Segrete vacanze sotto le navate di Autun, dove l’Abate Grivot, oggi, scrive manuali sul Diavolo dalla rilegatura impregnata di zolfo, estasi campestri a Moissac e a Conques, abbacinato da Vegliar di della Apocalisse o da diavoli che stipano in calderoni bollenti le anime dannate; e contemporaneamente letture rigeneranti dell’illuminista monaco Beda, conforti razionali chiesti ad Occam, per capire i misteri del Segno là dove Saussure è ancora oscuro. E così via, con continue nostalgie della Peregrinatio Sancti Brandani , controlli del nostro pensare compiuti sul Libro di Kells, Borges rivisitato nei kenningars celtici, rapporti tra potere e masse persuase controllati nei diari del Vescovo Suger…”
In verità non ho solo deciso di raccontare del Medio Evo.

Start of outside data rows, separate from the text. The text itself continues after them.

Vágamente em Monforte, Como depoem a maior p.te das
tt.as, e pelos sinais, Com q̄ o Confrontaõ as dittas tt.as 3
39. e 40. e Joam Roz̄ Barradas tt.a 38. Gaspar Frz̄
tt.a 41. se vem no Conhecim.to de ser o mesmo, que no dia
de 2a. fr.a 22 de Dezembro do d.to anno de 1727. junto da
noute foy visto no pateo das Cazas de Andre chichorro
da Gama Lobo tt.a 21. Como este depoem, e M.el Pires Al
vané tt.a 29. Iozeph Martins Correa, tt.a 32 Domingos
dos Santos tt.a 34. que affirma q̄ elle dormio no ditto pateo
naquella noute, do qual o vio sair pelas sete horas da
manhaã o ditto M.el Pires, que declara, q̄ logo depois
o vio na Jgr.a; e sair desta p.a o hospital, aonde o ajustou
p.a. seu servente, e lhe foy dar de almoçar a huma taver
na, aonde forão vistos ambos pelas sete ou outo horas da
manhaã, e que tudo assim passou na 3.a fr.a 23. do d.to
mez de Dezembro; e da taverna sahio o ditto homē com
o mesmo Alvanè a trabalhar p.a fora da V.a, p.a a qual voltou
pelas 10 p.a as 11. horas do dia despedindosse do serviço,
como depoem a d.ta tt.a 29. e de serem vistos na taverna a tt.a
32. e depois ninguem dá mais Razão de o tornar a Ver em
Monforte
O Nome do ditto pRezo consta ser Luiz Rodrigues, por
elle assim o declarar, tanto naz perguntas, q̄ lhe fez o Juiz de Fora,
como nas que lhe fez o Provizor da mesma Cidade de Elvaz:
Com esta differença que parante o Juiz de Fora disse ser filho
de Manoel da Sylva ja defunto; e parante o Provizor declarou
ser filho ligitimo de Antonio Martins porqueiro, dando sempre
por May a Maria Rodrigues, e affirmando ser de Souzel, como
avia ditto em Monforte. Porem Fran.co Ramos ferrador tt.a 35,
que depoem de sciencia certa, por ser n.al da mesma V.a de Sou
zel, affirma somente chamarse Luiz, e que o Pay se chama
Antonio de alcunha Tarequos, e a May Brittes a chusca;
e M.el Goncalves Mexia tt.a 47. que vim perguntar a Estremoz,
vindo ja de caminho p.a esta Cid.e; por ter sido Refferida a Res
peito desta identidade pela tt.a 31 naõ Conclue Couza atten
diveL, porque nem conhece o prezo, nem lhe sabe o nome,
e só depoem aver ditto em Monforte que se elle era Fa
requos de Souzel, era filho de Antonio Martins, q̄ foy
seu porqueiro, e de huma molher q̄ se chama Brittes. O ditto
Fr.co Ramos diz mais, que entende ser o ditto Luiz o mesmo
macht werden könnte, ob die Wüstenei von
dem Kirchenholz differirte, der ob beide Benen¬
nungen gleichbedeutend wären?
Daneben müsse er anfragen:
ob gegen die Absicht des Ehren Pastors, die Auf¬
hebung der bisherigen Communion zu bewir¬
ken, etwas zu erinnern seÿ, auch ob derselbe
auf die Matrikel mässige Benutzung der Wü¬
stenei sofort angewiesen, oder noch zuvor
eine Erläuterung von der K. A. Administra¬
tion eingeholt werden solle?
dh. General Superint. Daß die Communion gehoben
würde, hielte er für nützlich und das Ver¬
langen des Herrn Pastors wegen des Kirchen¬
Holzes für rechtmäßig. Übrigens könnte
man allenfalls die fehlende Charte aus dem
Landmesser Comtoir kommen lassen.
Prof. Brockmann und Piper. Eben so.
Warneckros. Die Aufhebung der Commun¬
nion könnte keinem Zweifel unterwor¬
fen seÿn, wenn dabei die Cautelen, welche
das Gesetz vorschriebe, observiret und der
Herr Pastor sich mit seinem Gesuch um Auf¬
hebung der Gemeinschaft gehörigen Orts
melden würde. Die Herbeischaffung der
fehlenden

Ho deciso di raccontare nel Medio Evo, e per bocca di un cronista dell’epoca. Ero narratore esordiente e sino ad allora i narratori li avevo guardati dall’altra parte della barricata. Mi vergognavo a raccontare. Mi sentivo come un critico teatrale che di colpo si esponga alle luci della ribalta e si vede guardato da coloro coi quali sino ad allora era stato complice in platea.